Stored records:
Segment Open

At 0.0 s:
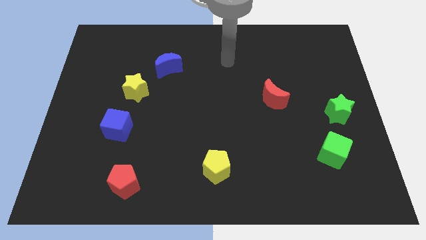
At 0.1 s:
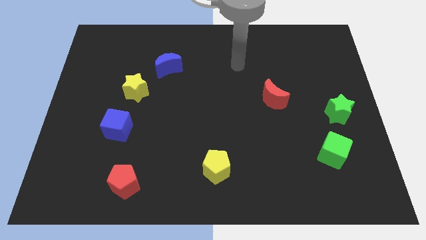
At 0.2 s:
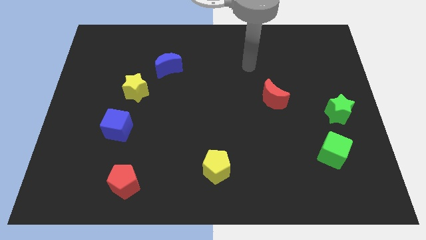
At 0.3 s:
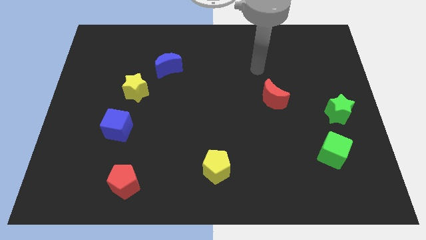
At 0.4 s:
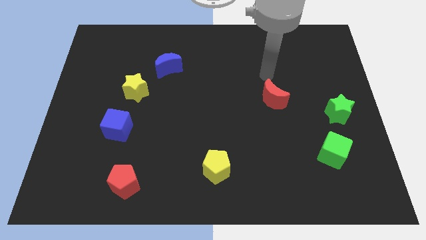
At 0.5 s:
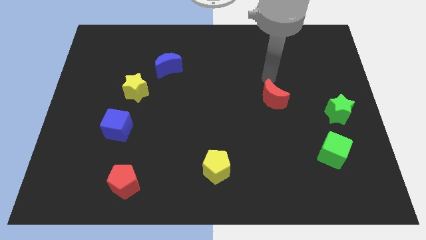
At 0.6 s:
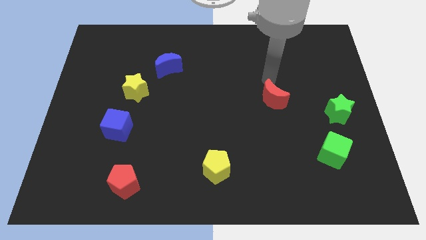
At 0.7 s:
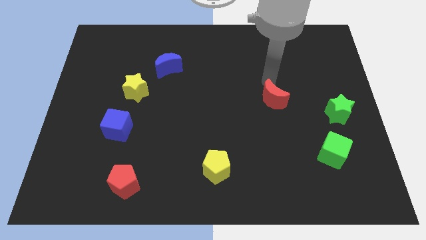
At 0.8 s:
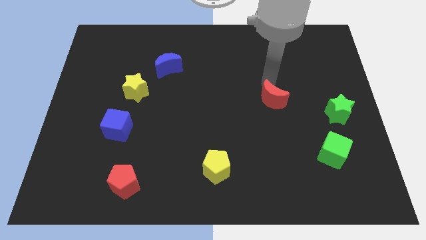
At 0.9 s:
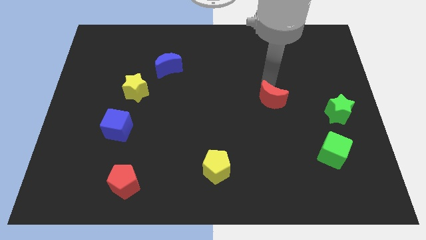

Segment Closed

Task directions: A complete and exact copy of the records is required. Exclude the pictures.

Reply to the exercise:
At 0.0 s:
At 0.1 s:
At 0.2 s:
At 0.3 s:
At 0.4 s:
At 0.5 s:
At 0.6 s:
At 0.7 s:
At 0.8 s:
At 0.9 s:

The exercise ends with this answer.